What is required: Look through the entries for the string "linecap" and copy every line where it shows up.

Stored data:
===

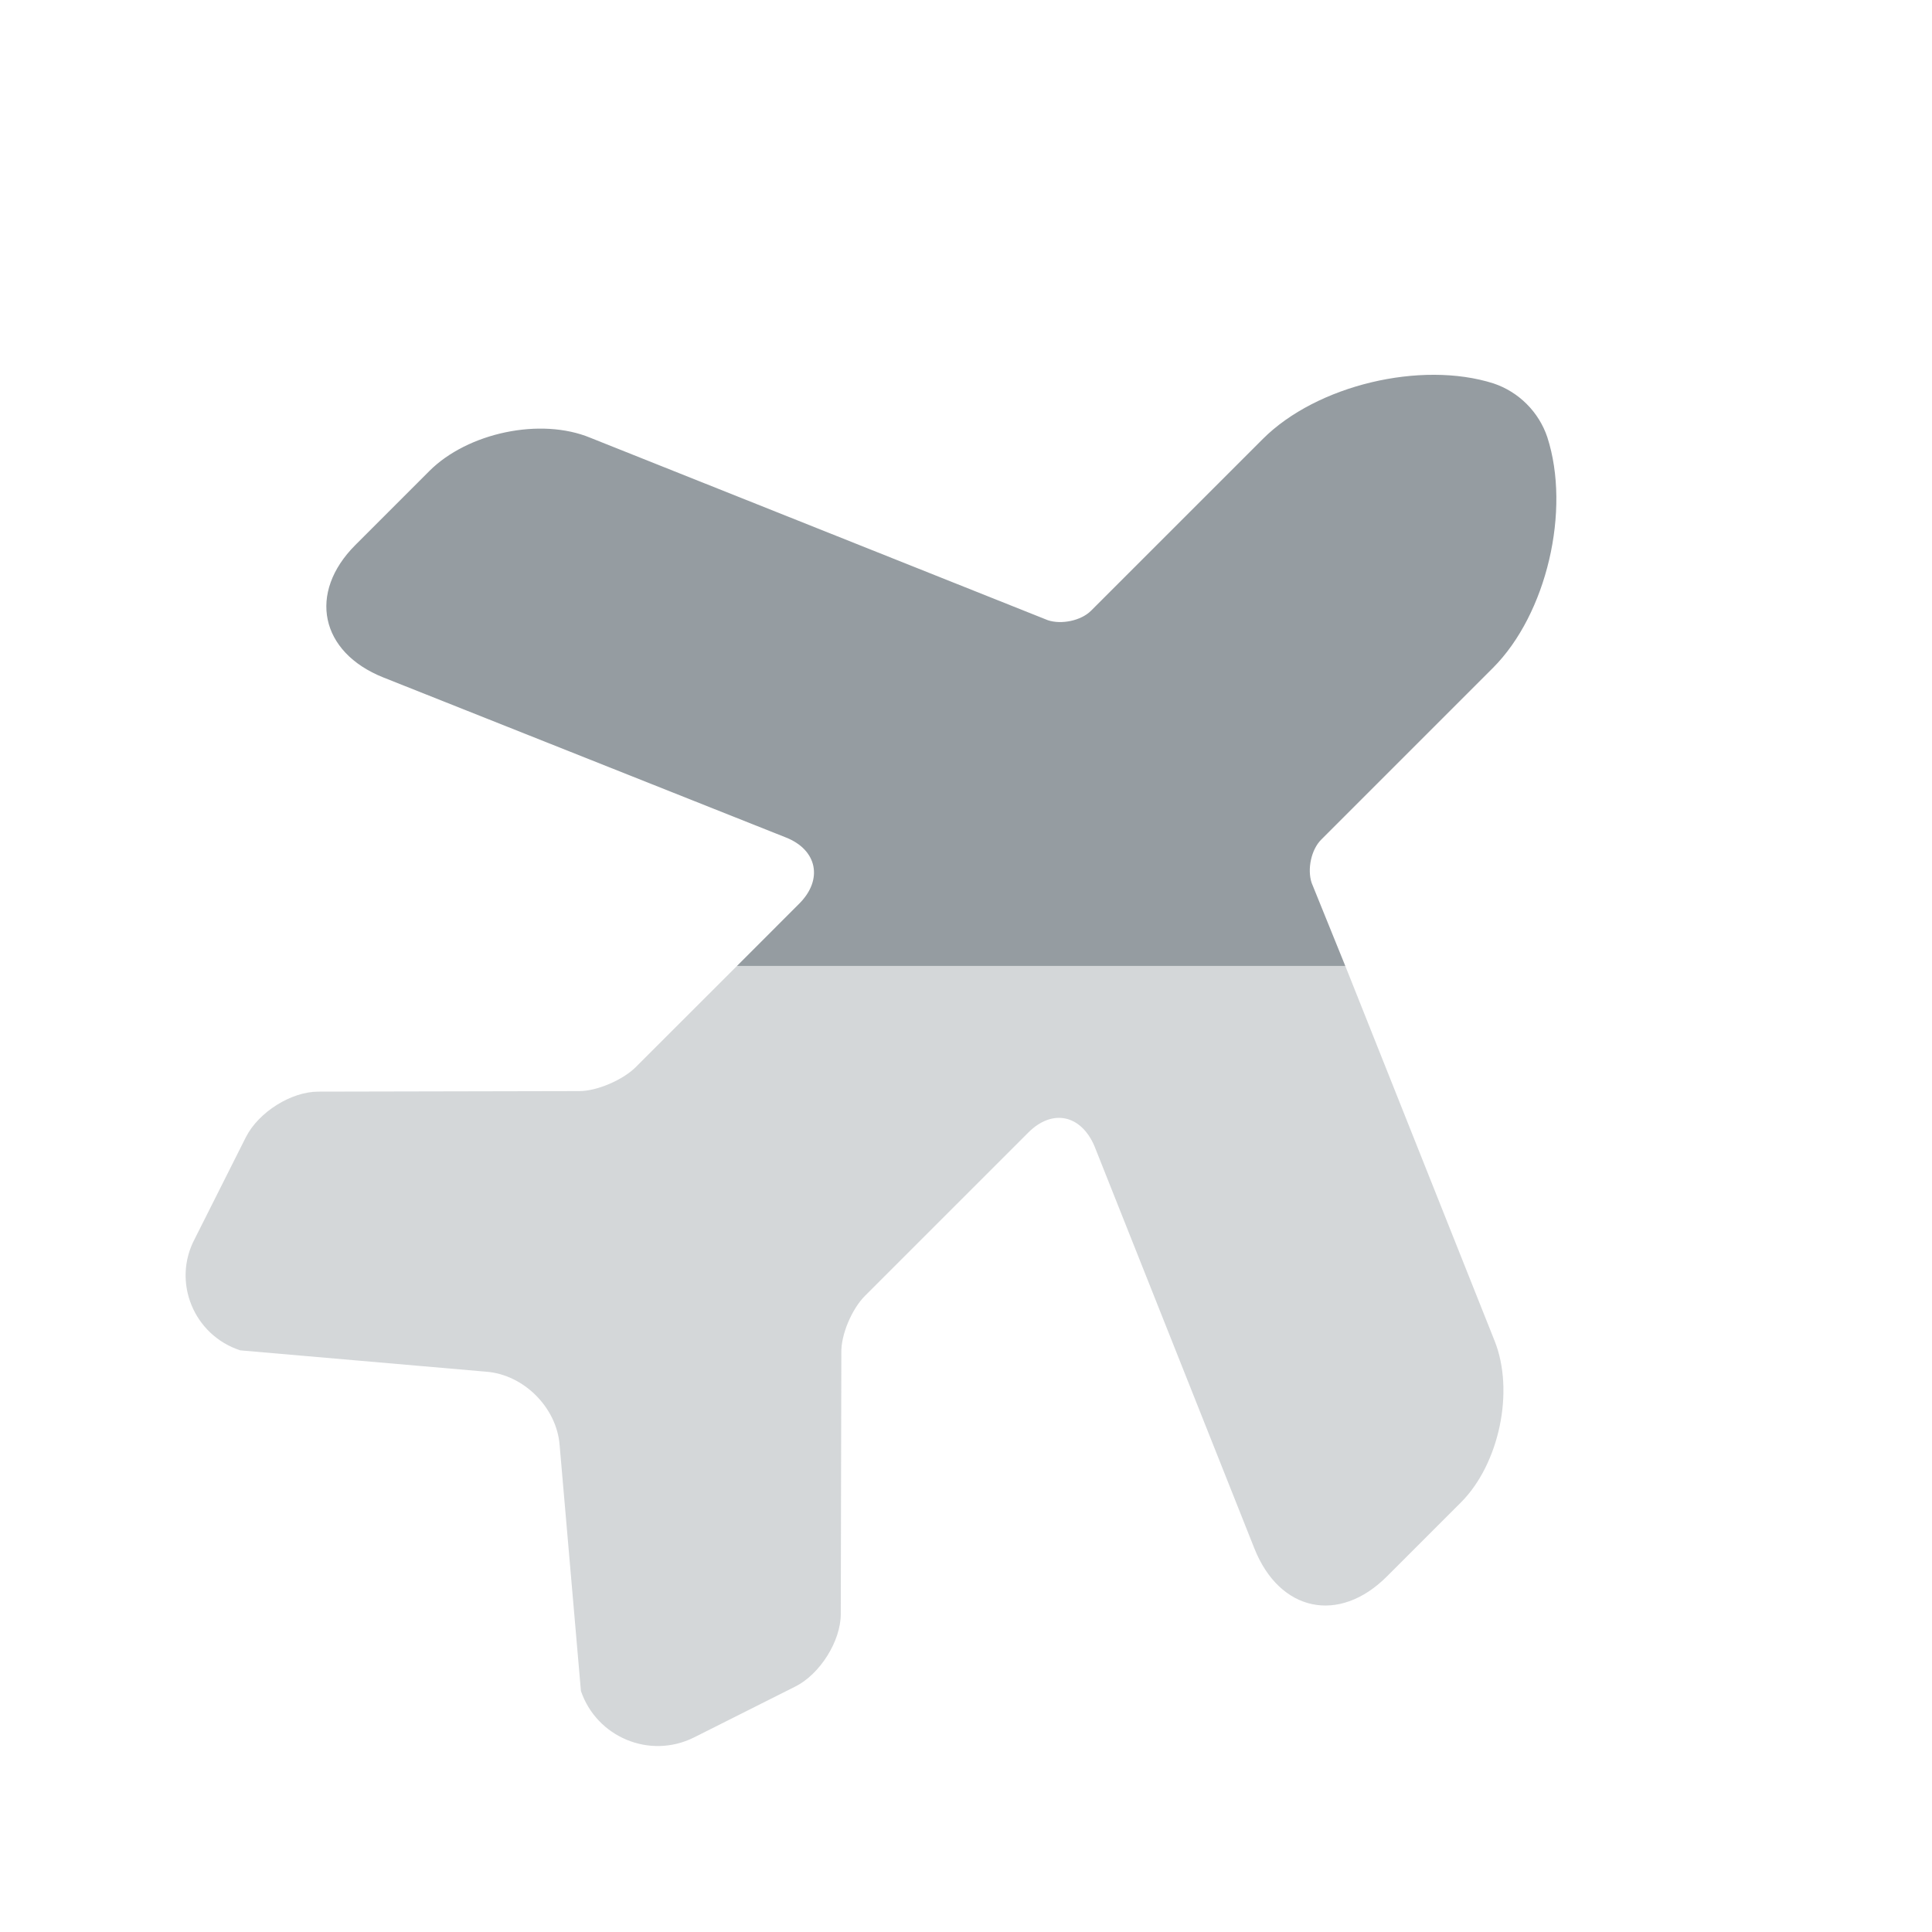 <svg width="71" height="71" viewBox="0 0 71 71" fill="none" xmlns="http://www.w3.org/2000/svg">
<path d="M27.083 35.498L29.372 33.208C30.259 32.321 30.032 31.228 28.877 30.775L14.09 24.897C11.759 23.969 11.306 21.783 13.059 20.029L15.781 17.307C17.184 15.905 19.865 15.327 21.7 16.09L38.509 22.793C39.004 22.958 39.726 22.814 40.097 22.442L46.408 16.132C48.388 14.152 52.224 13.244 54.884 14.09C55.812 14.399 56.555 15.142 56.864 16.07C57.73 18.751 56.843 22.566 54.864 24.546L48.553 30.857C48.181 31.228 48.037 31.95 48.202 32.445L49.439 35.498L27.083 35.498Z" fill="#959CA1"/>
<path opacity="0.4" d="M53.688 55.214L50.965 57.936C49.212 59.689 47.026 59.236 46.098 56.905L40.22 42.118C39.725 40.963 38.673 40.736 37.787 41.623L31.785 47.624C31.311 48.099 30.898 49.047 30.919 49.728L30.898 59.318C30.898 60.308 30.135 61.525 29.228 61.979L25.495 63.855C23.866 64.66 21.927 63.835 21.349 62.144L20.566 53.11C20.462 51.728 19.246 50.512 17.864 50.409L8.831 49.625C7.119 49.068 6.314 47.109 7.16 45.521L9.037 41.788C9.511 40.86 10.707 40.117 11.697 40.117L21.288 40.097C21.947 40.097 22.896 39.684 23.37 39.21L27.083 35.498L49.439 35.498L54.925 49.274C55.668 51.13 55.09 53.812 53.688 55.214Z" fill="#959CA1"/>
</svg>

===

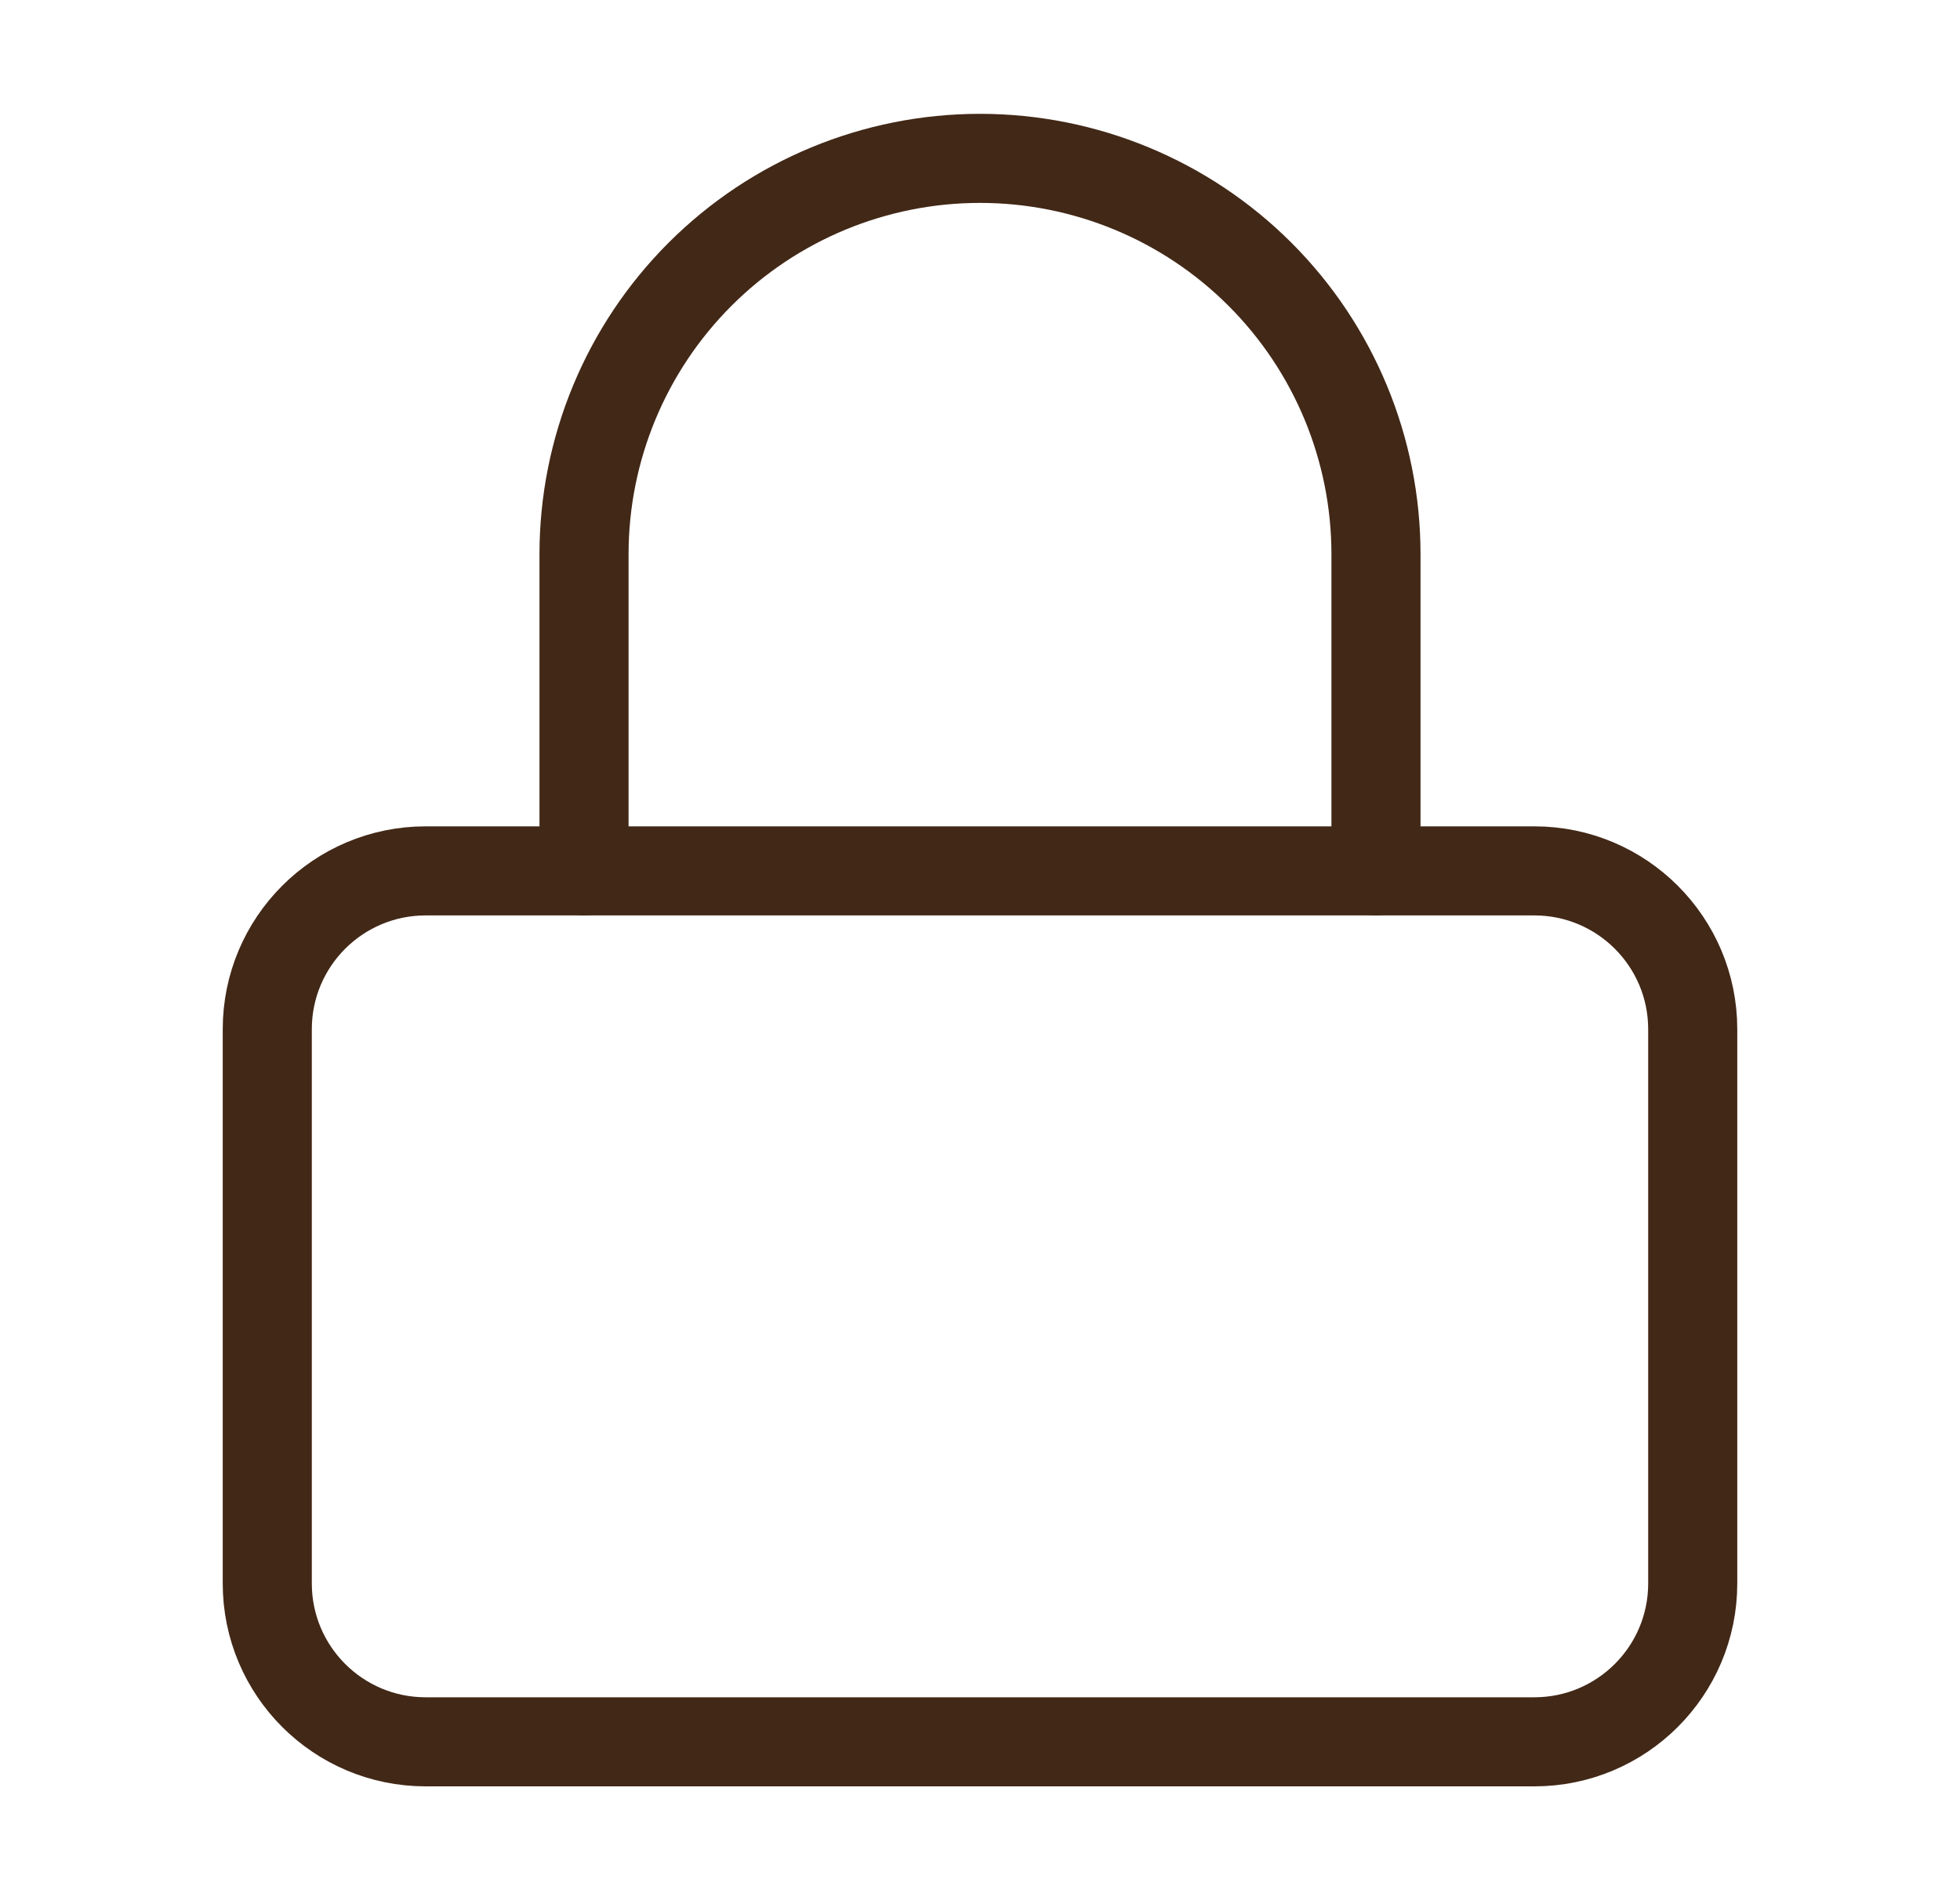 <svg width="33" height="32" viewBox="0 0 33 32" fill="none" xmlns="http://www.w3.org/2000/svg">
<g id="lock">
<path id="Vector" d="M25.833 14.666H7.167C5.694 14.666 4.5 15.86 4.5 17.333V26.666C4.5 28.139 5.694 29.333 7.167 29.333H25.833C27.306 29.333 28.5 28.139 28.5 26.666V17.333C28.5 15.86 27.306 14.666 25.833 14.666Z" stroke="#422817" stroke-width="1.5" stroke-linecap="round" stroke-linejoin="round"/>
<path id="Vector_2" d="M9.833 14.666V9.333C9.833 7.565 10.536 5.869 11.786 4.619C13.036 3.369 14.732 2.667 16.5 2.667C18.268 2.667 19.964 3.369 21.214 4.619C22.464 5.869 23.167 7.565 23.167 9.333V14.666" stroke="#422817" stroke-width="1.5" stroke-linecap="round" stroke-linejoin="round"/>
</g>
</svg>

===

Solution to this problem:
<path id="Vector" d="M25.833 14.666H7.167C5.694 14.666 4.5 15.86 4.5 17.333V26.666C4.5 28.139 5.694 29.333 7.167 29.333H25.833C27.306 29.333 28.5 28.139 28.5 26.666V17.333C28.5 15.86 27.306 14.666 25.833 14.666Z" stroke="#422817" stroke-width="1.5" stroke-linecap="round" stroke-linejoin="round"/>
<path id="Vector_2" d="M9.833 14.666V9.333C9.833 7.565 10.536 5.869 11.786 4.619C13.036 3.369 14.732 2.667 16.5 2.667C18.268 2.667 19.964 3.369 21.214 4.619C22.464 5.869 23.167 7.565 23.167 9.333V14.666" stroke="#422817" stroke-width="1.5" stroke-linecap="round" stroke-linejoin="round"/>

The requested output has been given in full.